■ Exercise input

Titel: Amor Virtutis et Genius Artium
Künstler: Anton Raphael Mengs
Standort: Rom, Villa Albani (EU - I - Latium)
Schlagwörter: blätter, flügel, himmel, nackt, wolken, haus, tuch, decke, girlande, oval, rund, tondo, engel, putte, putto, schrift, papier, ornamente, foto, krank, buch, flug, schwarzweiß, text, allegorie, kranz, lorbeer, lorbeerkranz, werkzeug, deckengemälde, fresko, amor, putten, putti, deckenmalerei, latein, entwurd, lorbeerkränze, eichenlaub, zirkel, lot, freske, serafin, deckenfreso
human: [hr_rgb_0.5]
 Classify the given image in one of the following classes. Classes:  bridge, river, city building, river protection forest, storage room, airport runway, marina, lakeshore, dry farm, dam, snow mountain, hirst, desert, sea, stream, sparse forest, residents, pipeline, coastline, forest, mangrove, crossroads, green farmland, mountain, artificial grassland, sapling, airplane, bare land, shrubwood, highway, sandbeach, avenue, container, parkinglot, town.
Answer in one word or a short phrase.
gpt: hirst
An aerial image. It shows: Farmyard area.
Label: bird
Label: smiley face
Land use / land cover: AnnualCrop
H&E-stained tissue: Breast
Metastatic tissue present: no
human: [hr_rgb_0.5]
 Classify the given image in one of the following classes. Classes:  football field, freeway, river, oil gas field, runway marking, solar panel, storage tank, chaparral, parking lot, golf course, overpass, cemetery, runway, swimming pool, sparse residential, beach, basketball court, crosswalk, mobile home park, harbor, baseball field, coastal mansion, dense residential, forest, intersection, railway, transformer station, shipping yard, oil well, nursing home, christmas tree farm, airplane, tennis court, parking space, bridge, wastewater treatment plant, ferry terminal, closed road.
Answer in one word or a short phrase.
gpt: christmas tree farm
---
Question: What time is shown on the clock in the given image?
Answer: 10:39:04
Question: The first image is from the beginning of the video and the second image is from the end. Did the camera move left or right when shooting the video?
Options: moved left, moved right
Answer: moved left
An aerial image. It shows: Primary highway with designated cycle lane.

■ Exercise prompt
Look back at the entries above and repeat, unchanged, every line from the line holding "terminal, closed road." through the line holding "gpt: christmas tree farm".

■ Task response
 Classify the given image in one of the following classes. Classes:  football field, freeway, river, oil gas field, runway marking, solar panel, storage tank, chaparral, parking lot, golf course, overpass, cemetery, runway, swimming pool, sparse residential, beach, basketball court, crosswalk, mobile home park, harbor, baseball field, coastal mansion, dense residential, forest, intersection, railway, transformer station, shipping yard, oil well, nursing home, christmas tree farm, airplane, tennis court, parking space, bridge, wastewater treatment plant, ferry terminal, closed road.
Answer in one word or a short phrase.
gpt: christmas tree farm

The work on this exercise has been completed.